I had a vision for clean electricity chain where PEM would be a chief “dispatcher”. This chain started with variable electricity generation plants like solar or wind, proceeded with utilities’ transmission and distribution grids and ended at electricity consumption in commercial, industrial, residential and transportation applications. PEM for this chain seemed to us an efficient “agent”, and it had its “clients”: Smart Power Plants, Smart Grids, Smart Buildings and Smart Cities. In the thinking of market and industry leaders, the Smart Energy concept was growing, and PEM was in the core of it.
Predictive Energy Management had two key components: Predictive Analytics (Information Technology - from planning to operations) and Predictive Controls (Operational Technology - in operations only).
Predictive power analytics encompassed a variety of advanced techniques that analyze current and historical facts to predict future events in power generation, transmission, and distribution, and effectively prepared for impending impacts. With the rapid changes in how electrical power is generated and distributed, the business case for integrating and utilizing predictive power analytics in clean electricity chain had become very compelling.
Predictive power controls applied as an automated operational technology leveraged the value of real time predictive data leading to significant savings in clean electricity operations. It streamlined interconnection of variable power plants with hosting power grids and enabled these power plants to support operating conditions in the grid thus facilitating the smooth deployment of clean power worldwide.
The growing share of solar power and other clean electricity sources, both at utility-scale and distributed generation levels, had made predictive power analytics and predictive controls services and applications critically important for all key clean electricity operations, and my team focused its effort on unleashing clean electricity in existing power grids.
Some areas of my team’s industrial research and demonstration included the following:
- Energy Analytics for Sustainable Buildings and Communities: mapping solar resource and solar power generation potential of communities
- Operational Solar Power Forecasting specifically known for the advanced accuracy of solar forecasts in areas with highly intermittent weather patterns, featuring a hybrid methodology including both physical and artificial intelligence-based models.

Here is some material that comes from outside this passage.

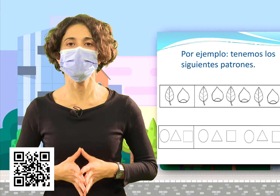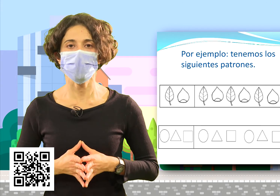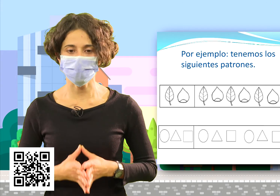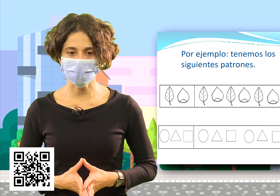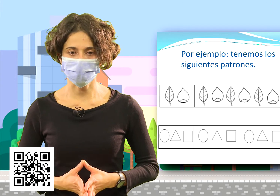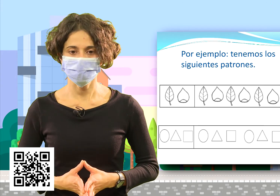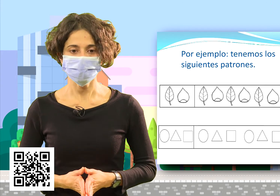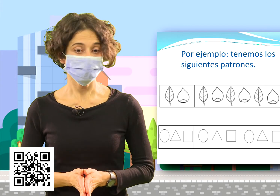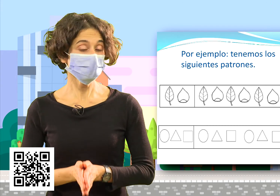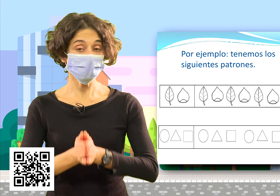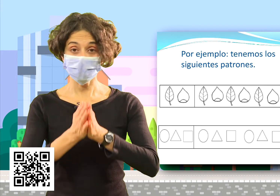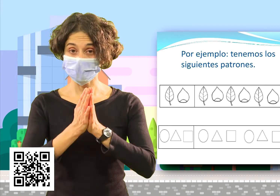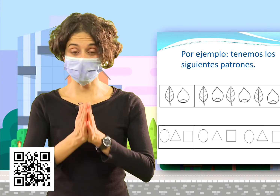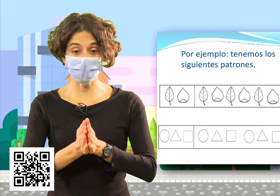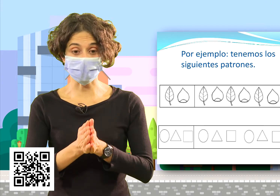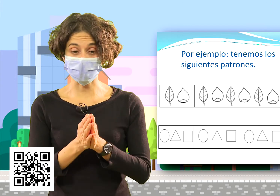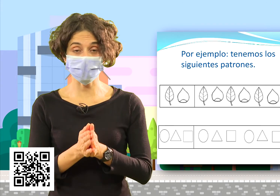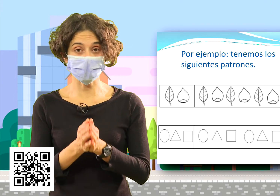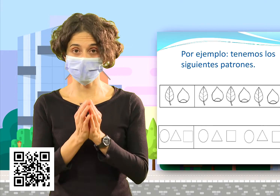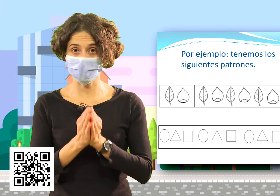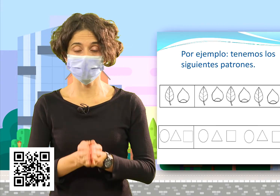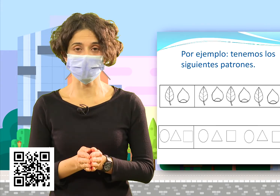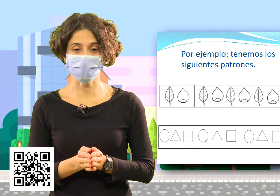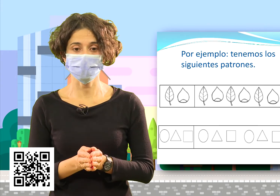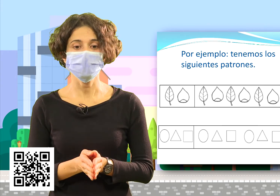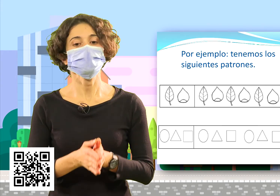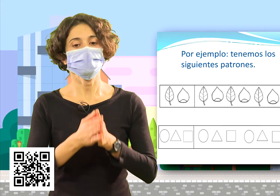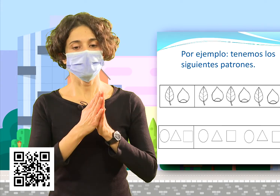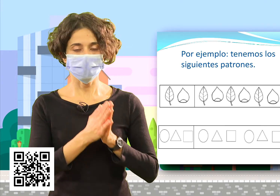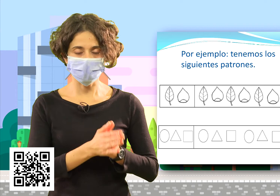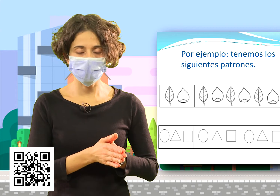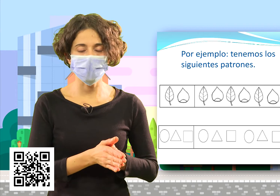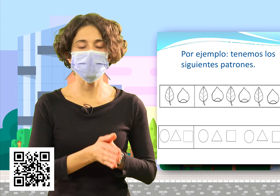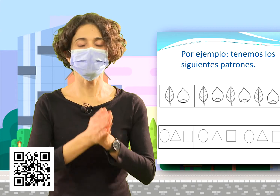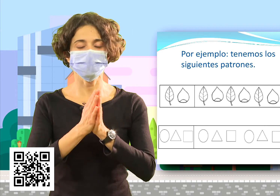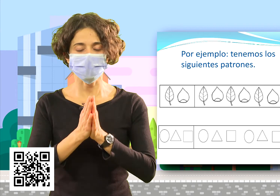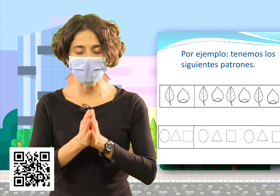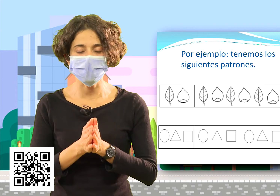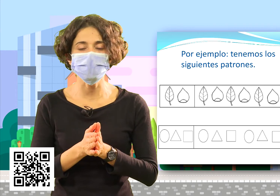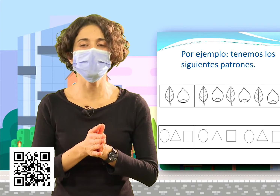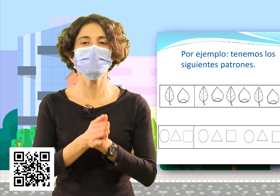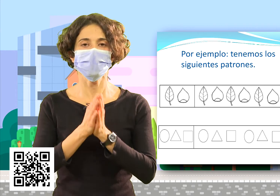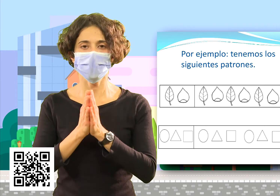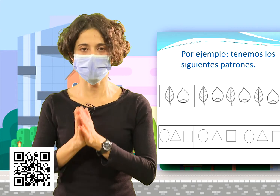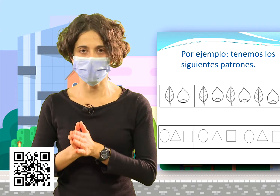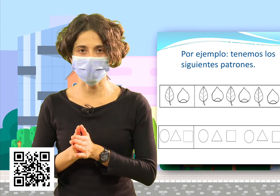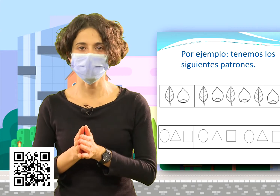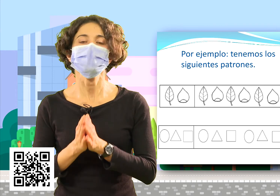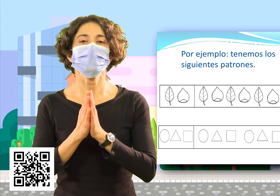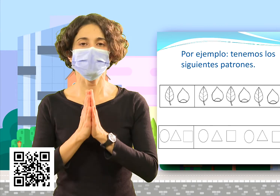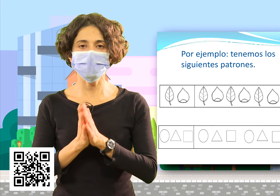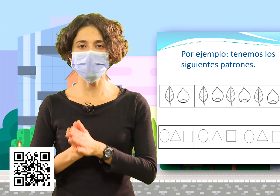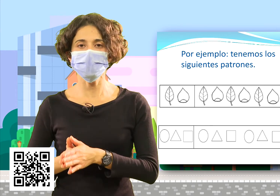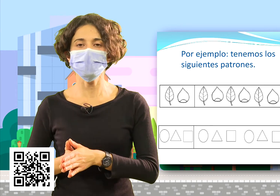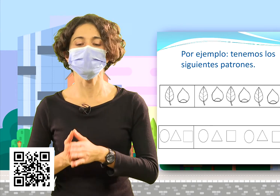y el cuadrado. Sería repetir ese mismo patrón. Círculo, triángulo, cuadrado.

- Predictive Grid Control (PGC) for Distribution Substations with Distributed Energy Resources (DER) enabling DER to support operating conditions in the grid. PGC combines best practices in smart inverter control, power distribution control and solar power forecasting technologies.

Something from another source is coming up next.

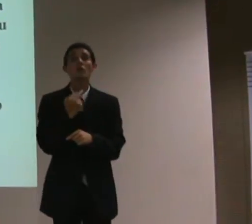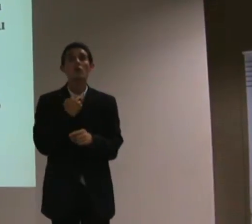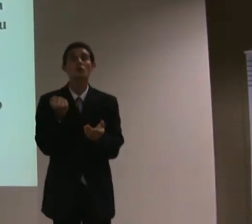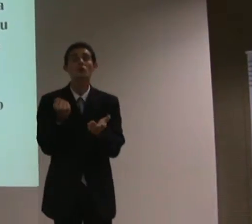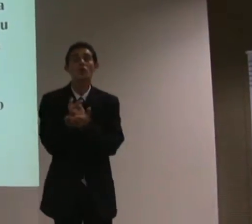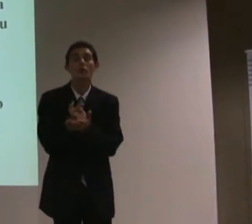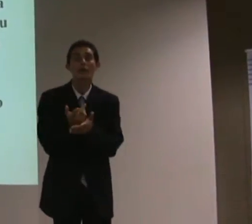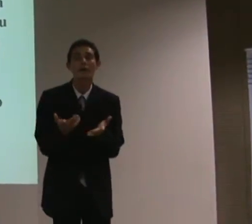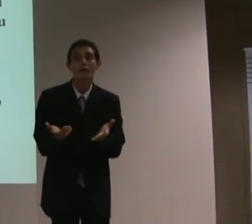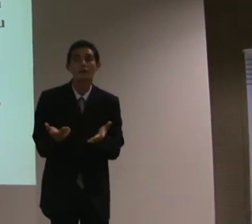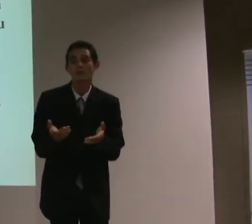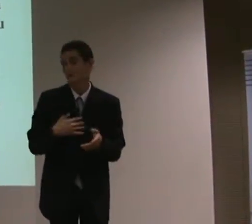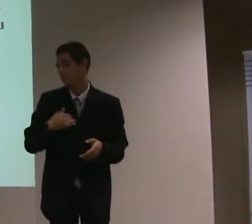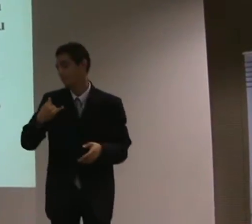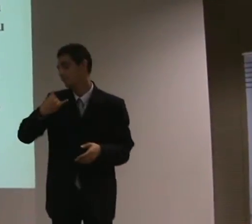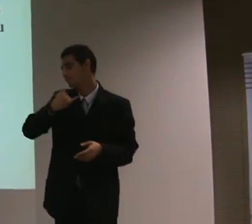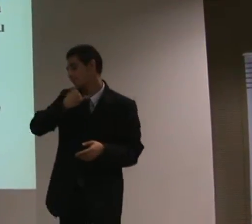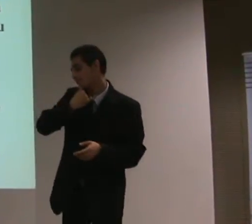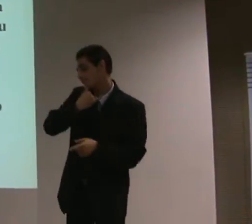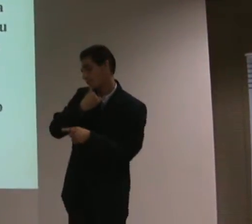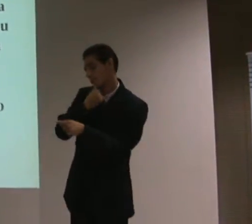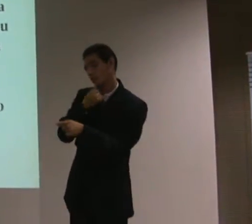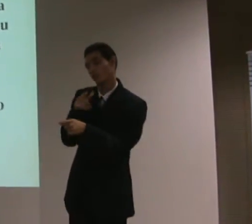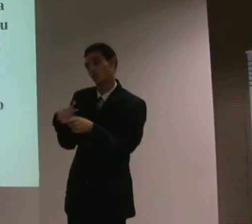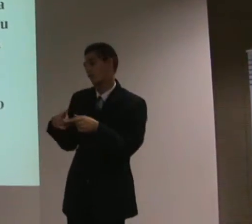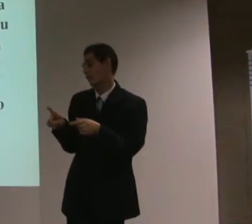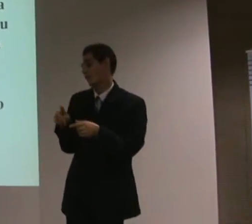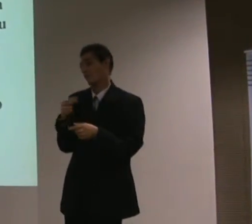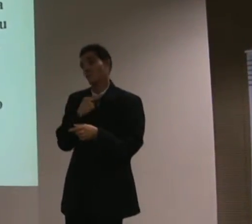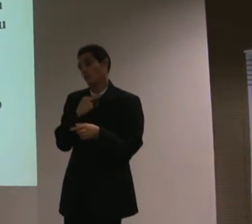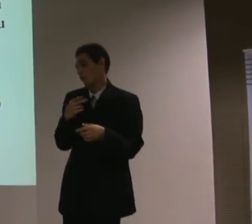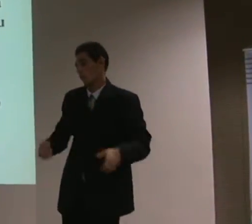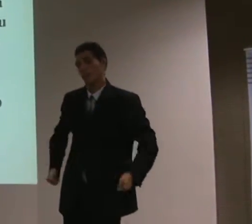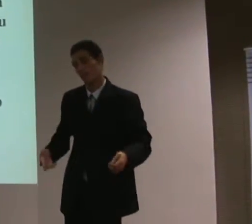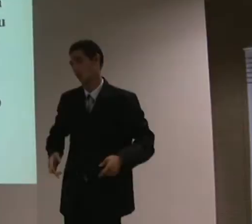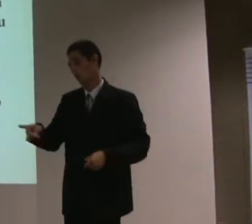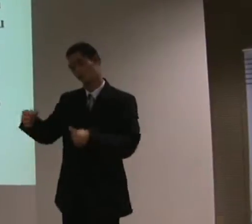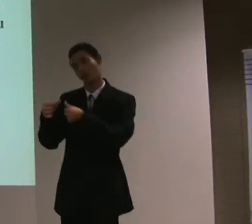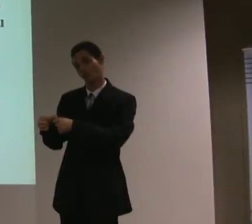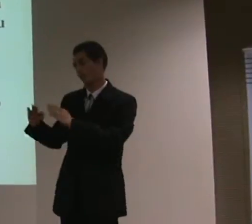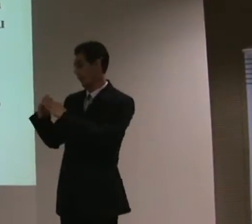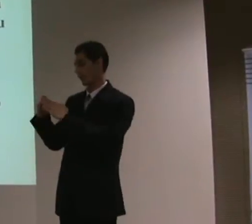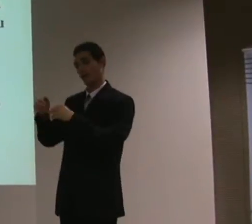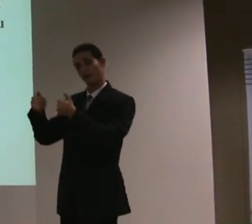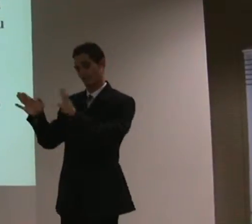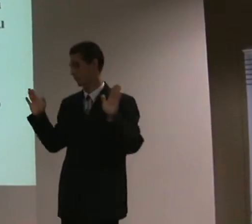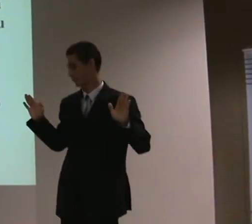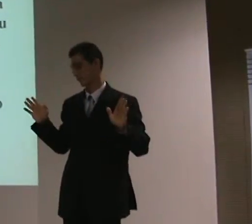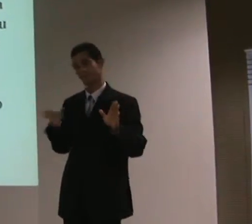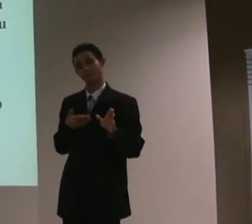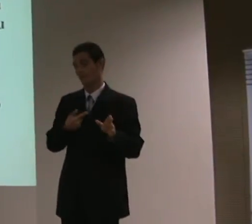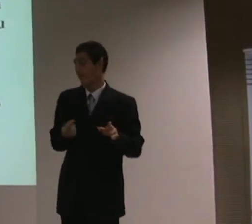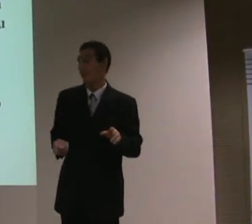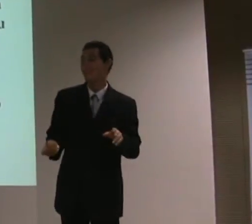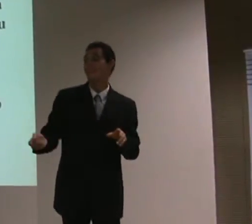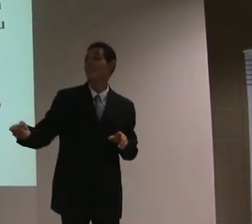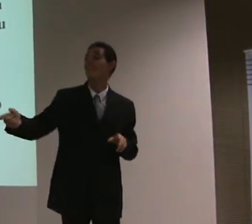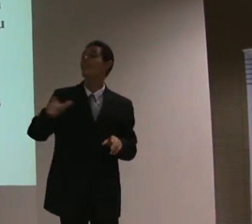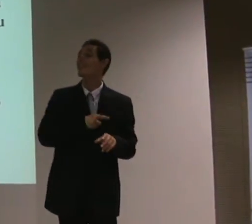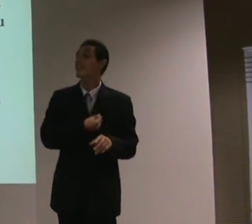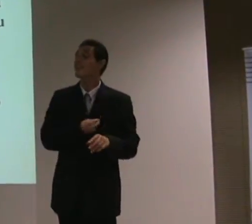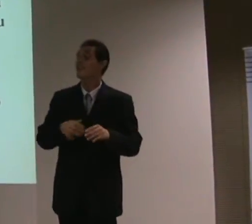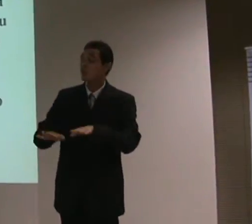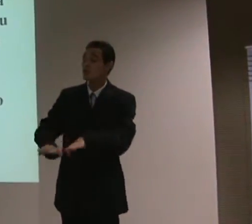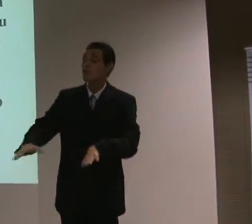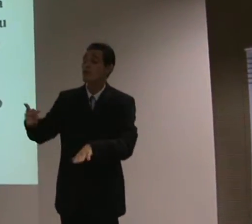e dizer, olha, infelizmente, você vai ficar sem cadeira de ordem, você vai ficar na sua casa mesmo, fica lá, né, o resto da vida ali no chão da sua

- Predictive Building Control (PBC) technology designed to manage building energy consumption and optimize energy efficiency. PBC is a software-based technology that finds a balance between the comfort of the people working or living in a building, the optimization of energy cost savings, and the hosting utility’s interest in Automated Demand Response.
- Solar Architecture representing the confluence of the two disciplines of energy engineering and architecture. The concept of Solar Architecture defines a decision-making process to select, design, deploy, and operate solar energy-enabled solutions for environments where solar energy resources are part of the energy mix.
- Integrated Resource Planning with a strong leap to AC/DC grid merge including the deployment of low voltage and medium voltage DC grids, and development and manufacturing of Grid Forming converters to connect to and support AC grids.
My current industrial R&D interests include Renewable Dispatchable Fleets and Supergrid applications in North America and globally.